_EXERCISE_. In the listing that follows, the lines starting at the one containing "human: [hr_rgb_0.5]" and ending at the one containing "Answer in one word or a short phrase." are to be returned exactly, both boundary lines included, and no others.

_EXTRACTED RECORDS_.
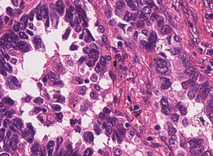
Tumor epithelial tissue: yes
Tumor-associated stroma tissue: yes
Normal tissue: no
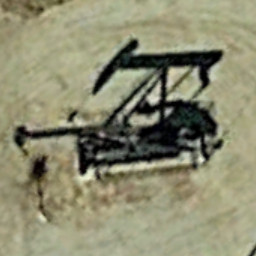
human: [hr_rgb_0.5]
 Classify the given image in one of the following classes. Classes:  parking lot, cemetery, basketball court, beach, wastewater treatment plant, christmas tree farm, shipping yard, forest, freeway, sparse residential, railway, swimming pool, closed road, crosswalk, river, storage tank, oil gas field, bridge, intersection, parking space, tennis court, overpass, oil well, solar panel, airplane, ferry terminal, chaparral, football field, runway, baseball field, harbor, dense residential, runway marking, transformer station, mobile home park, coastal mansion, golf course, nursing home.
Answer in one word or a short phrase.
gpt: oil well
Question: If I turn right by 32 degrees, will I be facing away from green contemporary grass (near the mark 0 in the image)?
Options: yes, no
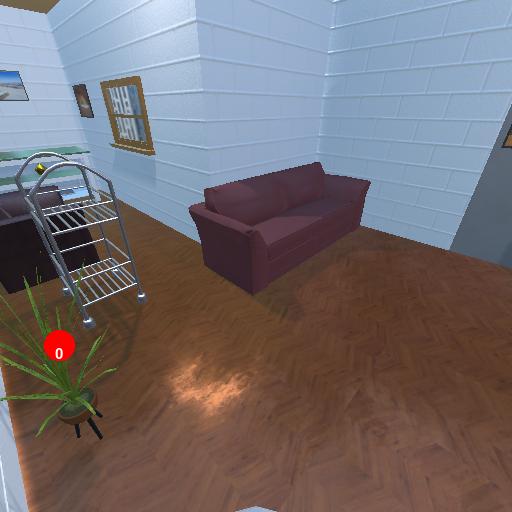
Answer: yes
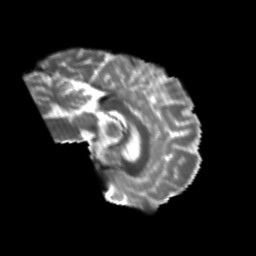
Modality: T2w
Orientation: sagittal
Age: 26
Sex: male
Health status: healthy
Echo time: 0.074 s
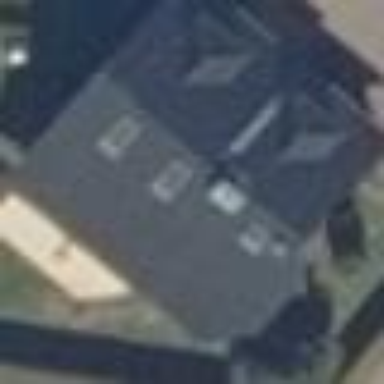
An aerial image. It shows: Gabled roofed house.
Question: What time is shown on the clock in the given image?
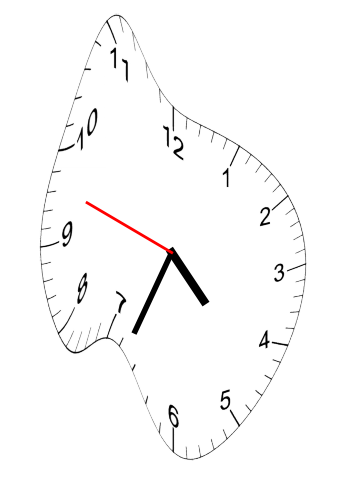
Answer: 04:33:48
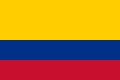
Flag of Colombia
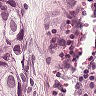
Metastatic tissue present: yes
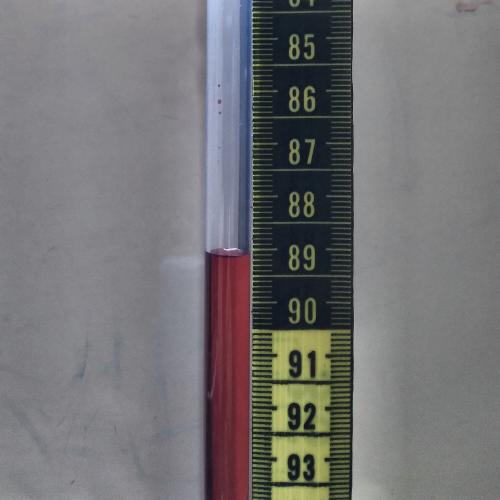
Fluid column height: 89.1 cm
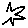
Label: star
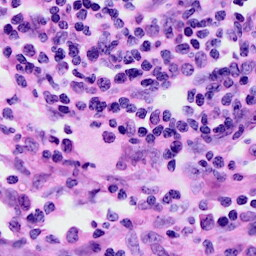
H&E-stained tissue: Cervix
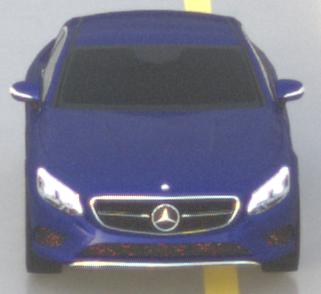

_SOLUTION TO THE PROBLEM_.
human: [hr_rgb_0.5]
 Classify the given image in one of the following classes. Classes:  parking lot, cemetery, basketball court, beach, wastewater treatment plant, christmas tree farm, shipping yard, forest, freeway, sparse residential, railway, swimming pool, closed road, crosswalk, river, storage tank, oil gas field, bridge, intersection, parking space, tennis court, overpass, oil well, solar panel, airplane, ferry terminal, chaparral, football field, runway, baseball field, harbor, dense residential, runway marking, transformer station, mobile home park, coastal mansion, golf course, nursing home.
Answer in one word or a short phrase.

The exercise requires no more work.